Ese día se dio cuenta de que su padre estaba cada vez más cerca de él en el bote.

-Me dijo ‘hijo, ¿cómo me voy a quedar solo? ¿Qué voy a hacer sin ti? ¿Qué va a decir tu mamá? Luchemos, hijo. -recuerda Cruz-. Me tomaba la cabeza para que tomara aire. Cuando me hablaba y no le respondía, se tiraba encima mío. Lloraba, gritaba. Ahí le volvía el ánimo al cuerpo.

Diego Cruz, mirando la playa desde donde se perdió, admite algo más.

-Creo que me rendí muy rápido. No luché como tenía que luchar, como luchó mi papá.

El día sábado, que coincidía con el Sábado Santo, fue el día más crítico para él. Tendido sobre la cubierta, chupando cuerdas del bote y lamiendo la cubierta para conseguir algo que tomar, sabía que iba a morir allí.

Renacer

La noche del Sábado Santo, Rodrigo Cruz, que entregó todas sus energías para que los vieran, y para que el bote no entrara en alta mar, se desplomó. Ya no reaccionaba. Estaba delgado, pálido y ya no les quedaba comida: tuvieron que botar las pancoras, porque tenían mal olor.

Esa madrugada, la del Domingo de Resurrección, fue el punto donde todo cambió, dice Diego Cruz.

-Me desperté como siempre a las 4.00. Estábamos a la altura de Pichilemu. Ahí vi una luz que estaba muy cerca. Nunca habíamos visto una tan cerca. Pensé que era un barco camaronero. Estaba como a 40 kilómetros de la costa.

Cruz tuvo una idea. Le dijo a su padre que alzaran la vela y dirigieran su bote a chocar con la lancha. Sabía que era una última oportunidad. El impacto, si es que la otra lancha venía con velocidad, podía destrozar el bote. Pero decidieron probar suerte. Les resultó.

-La lancha estaba fondeada. O sea, no se estaba moviendo. Topamos con la proa, me subí a la lancha. No había gente en la cubierta. Alcancé a agarrar a mi papi del brazo, que casi pasa para abajo. Ya no se podía ni los pies. Y me puse a llorar. Les gritaba a los cabros, a los pescadores, que salieran.

Los pescadores salieron y los auxiliaron. Cuando iban a amarrar el “Alexandra Esperanza”, los Cruz les dijeron a gritos que no. Que el bote ojalá se lo llevara el mar, para no verlo nunca más. El bote hoy está en Coronel.

Los pescadores escucharon su historia. Les dieron café, agua, pan con queso y una sopa de mariscos. “Nunca había probado una tan rica”, dice Diego Cruz.

El aviso de que los encontraron con vida llegó rápidamente a la isla y a la expedición de Enzo Escobar. Ellos estaban en San Antonio cuando les llegó la noticia del capitán de Puerto de Coronel. Saltaron de júbilo en pleno centro de esa ciudad.

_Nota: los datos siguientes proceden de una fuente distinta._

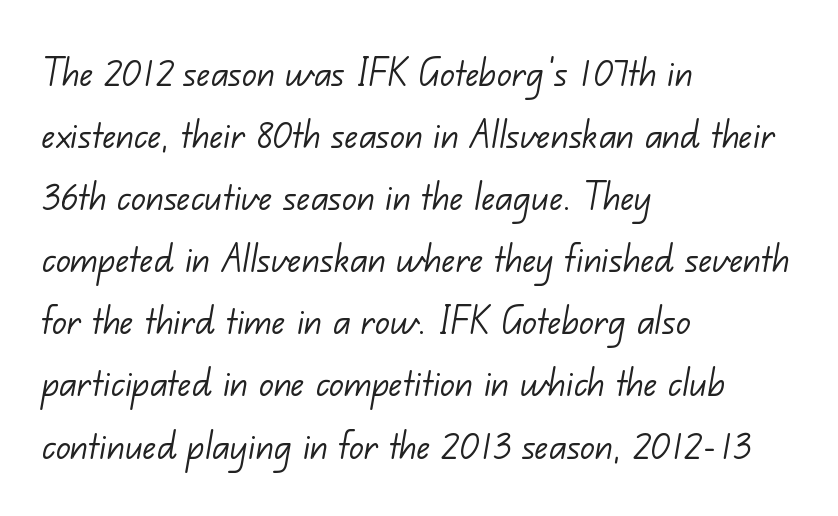
{"serif": "no", "bold": "no", "weight": "light", "width": "normal", "stroke_contrast": "low", "x_height": "small", "monospaced": "no", "underline": "no", "align": "left", "line_spacing": "normal", "line_spacing_ratio": 1.38, "letter_spacing": "normal", "letter_spacing_em": 0.0, "glyph_px": 45}
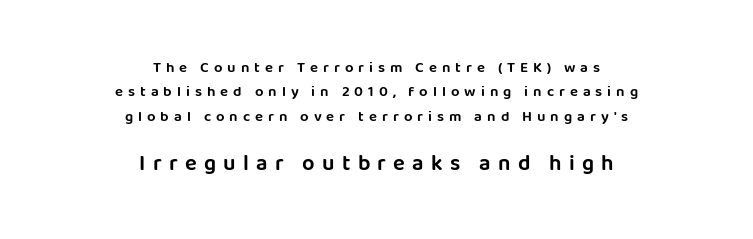
{"italic": "no", "underline": "no", "align": "center", "line_spacing": "normal", "line_spacing_ratio": 1.62, "letter_spacing": "wide", "letter_spacing_em": 0.33, "larger_block": "second", "size_ratio": 1.47, "glyph_px": 22}
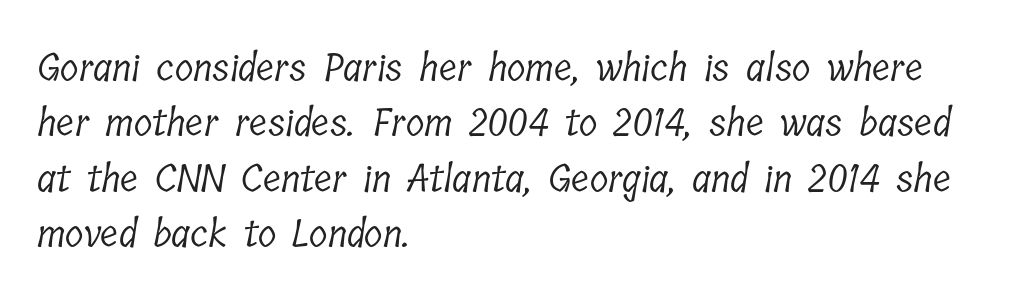
{"serif": "yes", "bold": "no", "weight": "light", "width": "condensed", "stroke_contrast": "low", "x_height": "medium", "monospaced": "no", "underline": "no", "align": "left", "line_spacing": "normal", "line_spacing_ratio": 1.46, "letter_spacing": "normal", "letter_spacing_em": 0.0, "glyph_px": 38}
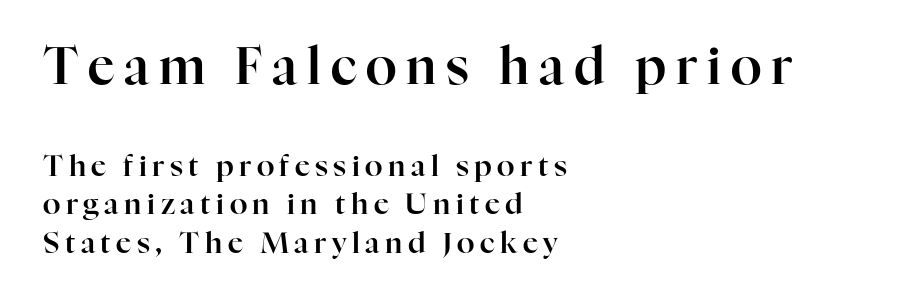
Which margin do the lines hug? The left one — the right edge is uneven. Each letter's strokes conclude with small projecting serifs. Line spacing here is normal. The letters advance in unequal steps, a hallmark of proportional type. Which of the two is more prominent by size? The first, at the top.
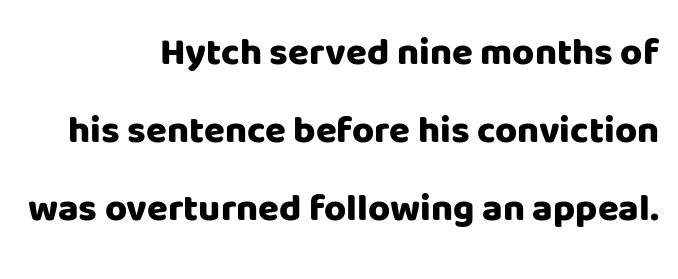
{"serif": "no", "italic": "no", "bold": "yes", "weight": "heavy", "width": "normal", "stroke_contrast": "low", "x_height": "large", "monospaced": "no", "underline": "no", "align": "right", "line_spacing": "loose", "line_spacing_ratio": 2.05, "letter_spacing": "normal", "letter_spacing_em": 0.0, "glyph_px": 38}
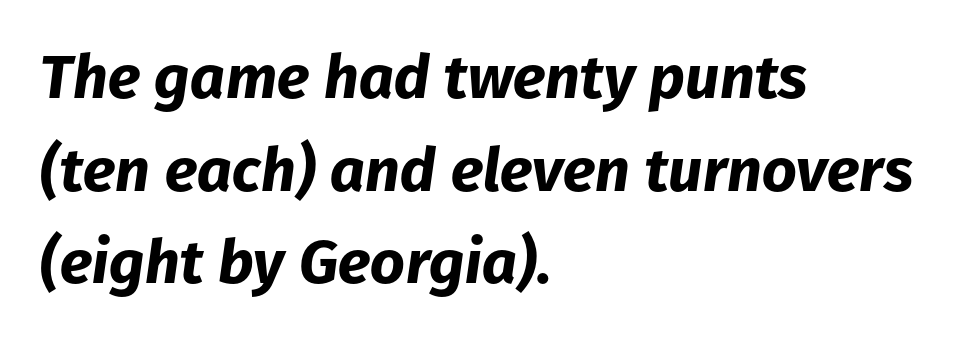
{"italic": "yes", "lean": "right", "slant_degrees": 8, "bold": "yes", "weight": "bold", "width": "normal", "stroke_contrast": "low", "x_height": "medium", "monospaced": "no", "underline": "no", "align": "left", "line_spacing": "normal", "line_spacing_ratio": 1.52, "letter_spacing": "normal", "letter_spacing_em": 0.0, "glyph_px": 61}
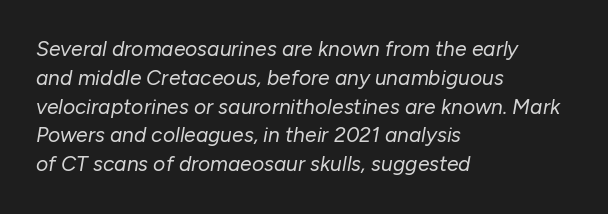
The image shows 21 px text type, italic (leaning right); set left-aligned, normal line spacing (1.37x), normal letter spacing, not underlined.

El miércoles 3 de abril, los Cruz volvieron a la isla Santa María. Los recibieron con bengalas, bocinas y globos. Era un carnaval preparado para ellos. Cerca de 500 personas los acompañaron en caravanas. Se dedicaron palabras por la proeza que realizaron entre todos. El único ausente era Rodrigo Cruz, quien prefirió estar en su casa con su señora y descansar. Aún no se siente preparado para hablar de lo que pasó. Dice que por las noches le cuesta dormir. Que se ha despertado a las 4.00 pensando que sigue en alta mar.

Diego Cruz ya no quiere ser pescador. Su meta, ahora, es estudiar una carrera técnica, aprender a soldar y replantear su vida. Algo de eso, dice, pasó la noche del miércoles, cuando terminó el asado de bienvenida. Al regresar a su casa, se acercó a la pieza donde estaba su padre.

-Le dije: ‘Papá, te amo’. Me dijo: ‘Yo también’.